今の退職金制度を、このまま続けてよいか確認するために
退職金制度を導入してから年月が経つと、会社の規模や従業員構成、賃金水準、経営環境などが、制度を設けた当時とは変わっていることがあります。
「将来の退職金負担がどのくらいになるかわからない」
「退職金規程と実際の運用が合っていない」
「現在の制度が自社に適しているのか確認したい」
このような場合は、制度の内容と運用状況を整理し、見直しが必要かどうかを確認することが大切です。
ただし、退職金制度の変更は、従業員の将来の処遇に関わります。会社側の負担だけで判断せず、従業員への影響や説明方法、必要となる手続きなども含めて慎重に検討する必要があります。

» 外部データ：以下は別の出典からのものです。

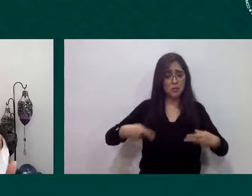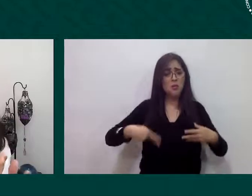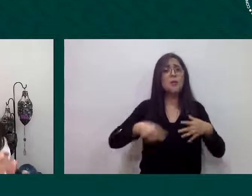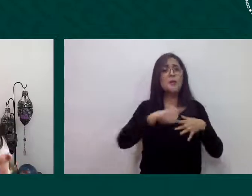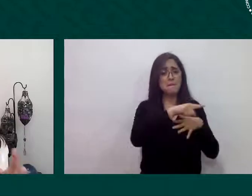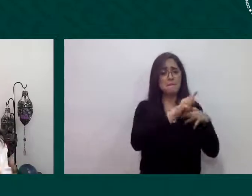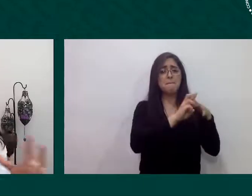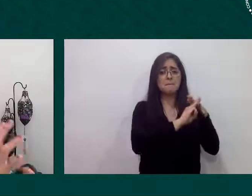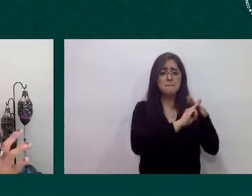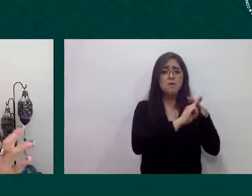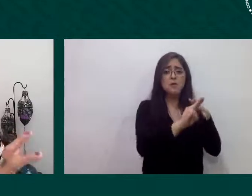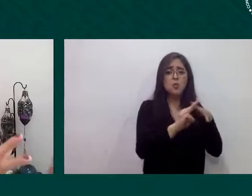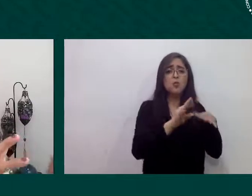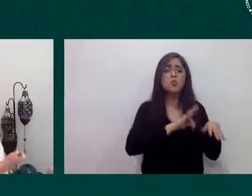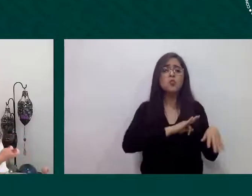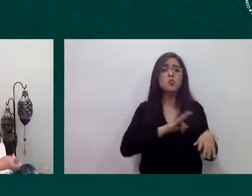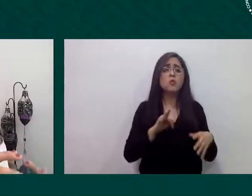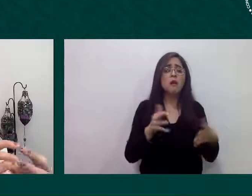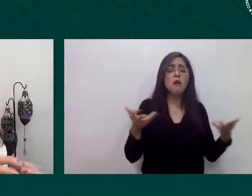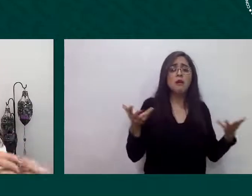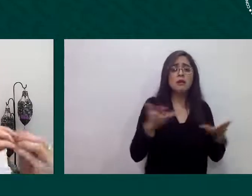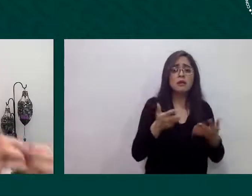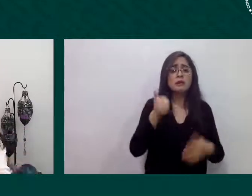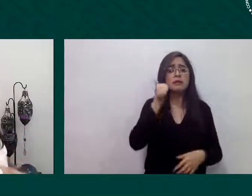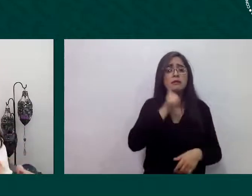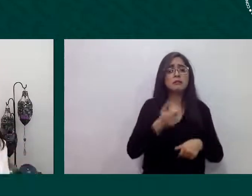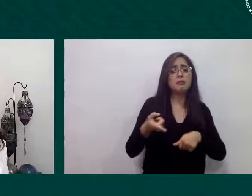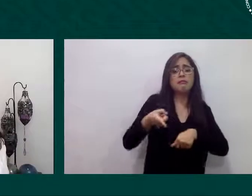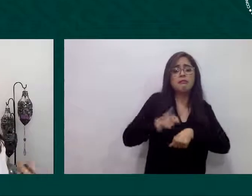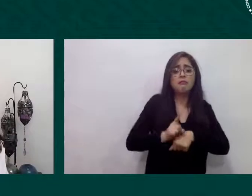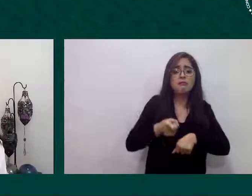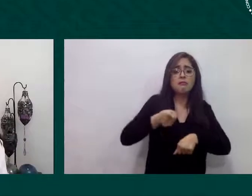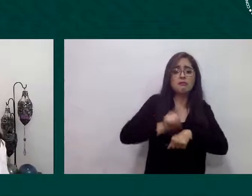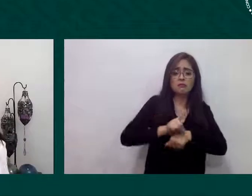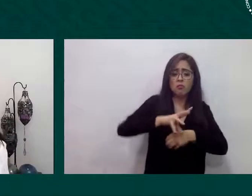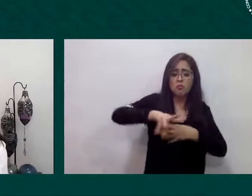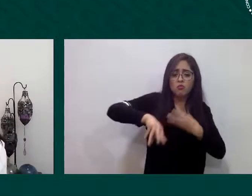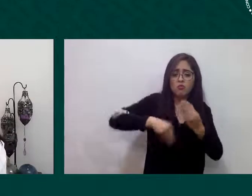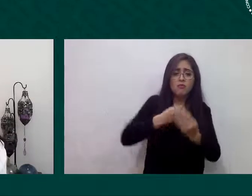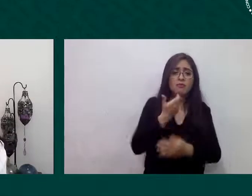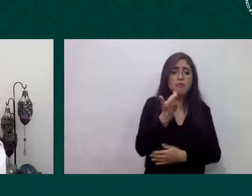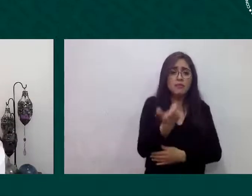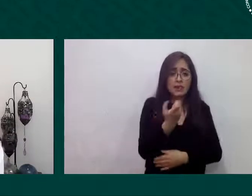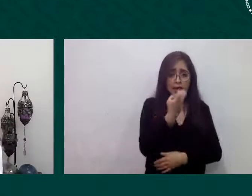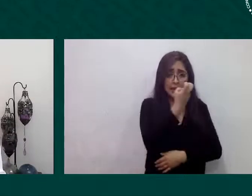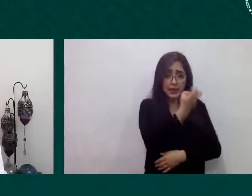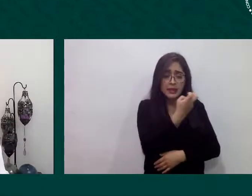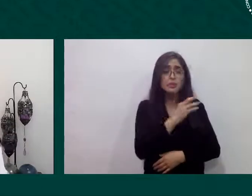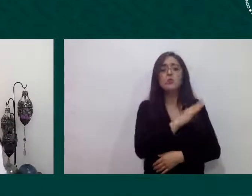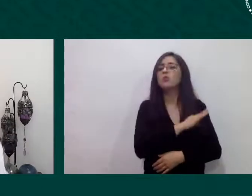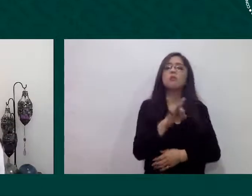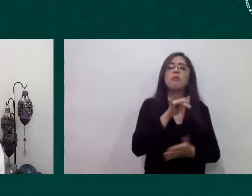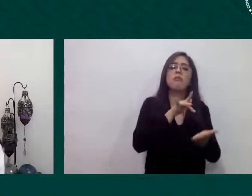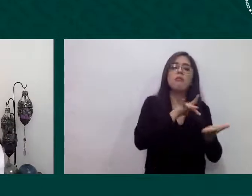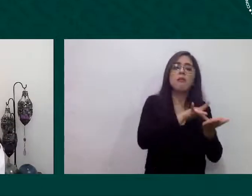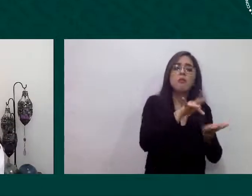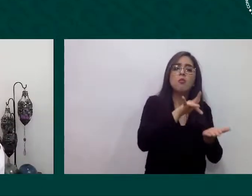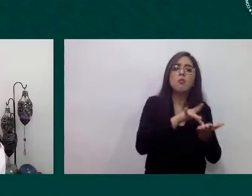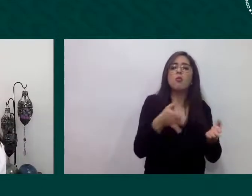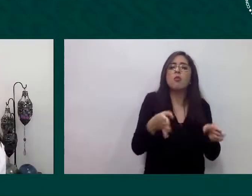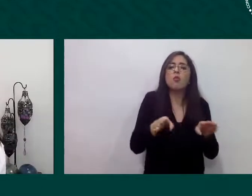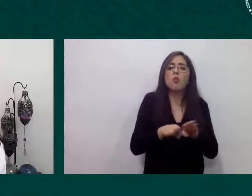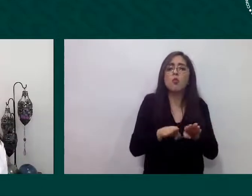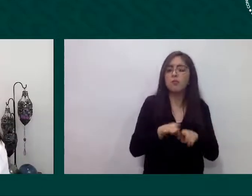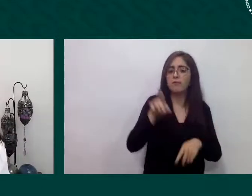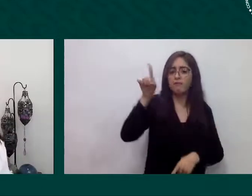todos los días pues también lleve ahí este apoyo por parte de los gobiernos locales y por supuesto gobiernos

eTAISHOKUKIN.netでは、退職金制度の見直しに対応する社会保険労務士の情報を掲載しています。各社会保険労務士の対応制度や支援内容などを確認し、自社に合った相談先を探すことができます。
このようなお悩みはありませんか
- 退職金制度を長期間見直していない
- 制度をつくった当時と会社の状況が変わっている
- 将来の退職金負担に不安がある
- 退職金規程の内容を十分に把握できていない
- 退職金規程と実際の取扱いが一致していない
- 退職金の計算方法が複雑になっている
- 複数の退職金制度が混在している
- DB、DC、中退共などへの移行や併用を検討している
- 合併、事業承継、組織再編に伴い制度を整理したい
- 従業員に制度内容を説明できる担当者がいない
すぐに制度変更を行う必要があるとは限りません。まずは現在の制度や運用状況を整理し、どこに課題があるのかを確認するところから始めます。
退職金制度を見直す主なきっかけ
会社の規模や従業員構成が変わった
従業員数が増えた、平均年齢が上がった、中途採用者や短時間勤務者が増えたなど、従業員構成が変化すると、現在の制度が実情に合わなくなることがあります。
今後の採用計画や人員構成も踏まえ、対象者の範囲や給付内容が適切か確認します。
将来の退職金負担が見えにくい
基本給や勤続年数に連動して退職金が増える制度では、賃金の上昇や勤続年数の長期化により、将来の支給額が大きくなる場合があります。
今後どの程度の支払いが見込まれるのかを整理し、会社が継続して負担できる制度か確認することが重要です。
退職金規程と実際の運用が合っていない
規程では定められているものの、実際には異なる計算や取扱いをしている場合があります。
対象者、勤続期間の計算、休職期間の取扱い、支給時期などについて、規程と運用が一致しているかを確認します。
制度の仕組みが複雑になっている
制度変更を繰り返した結果、入社時期によって異なる制度が適用されていたり、複数の制度や規程が併存していたりすることがあります。
管理が複雑になると、計算や説明の誤りにつながりやすくなるため、制度全体を整理する必要があります。
経営方針や人事制度が変わった
賃金制度、評価制度、定年制度、継続雇用制度などを変更した場合、退職金制度との整合性が取れなくなることがあります。
人事制度全体の中で退職金をどのように位置づけるかを改めて検討します。
合併・事業承継・組織再編を予定している
合併や事業譲渡などにより、異なる退職金制度を統合する必要が生じることがあります。
従業員ごとの既得部分や移行後の制度、会社の負担などを整理し、段階的な対応を検討します。
見直しの際に確認したい主な項目
1.制度の対象者
正社員、契約社員、パートタイマーなど、どの従業員を対象としているか確認します。
雇用形態によって取扱いが異なる場合は、その違いを合理的に説明できるかという点も確認が必要です。
2.支給条件
退職金が支給されるまでの勤続期間、自己都合退職・会社都合退職の取扱い、定年退職や死亡退職の場合の取扱いなどを確認します。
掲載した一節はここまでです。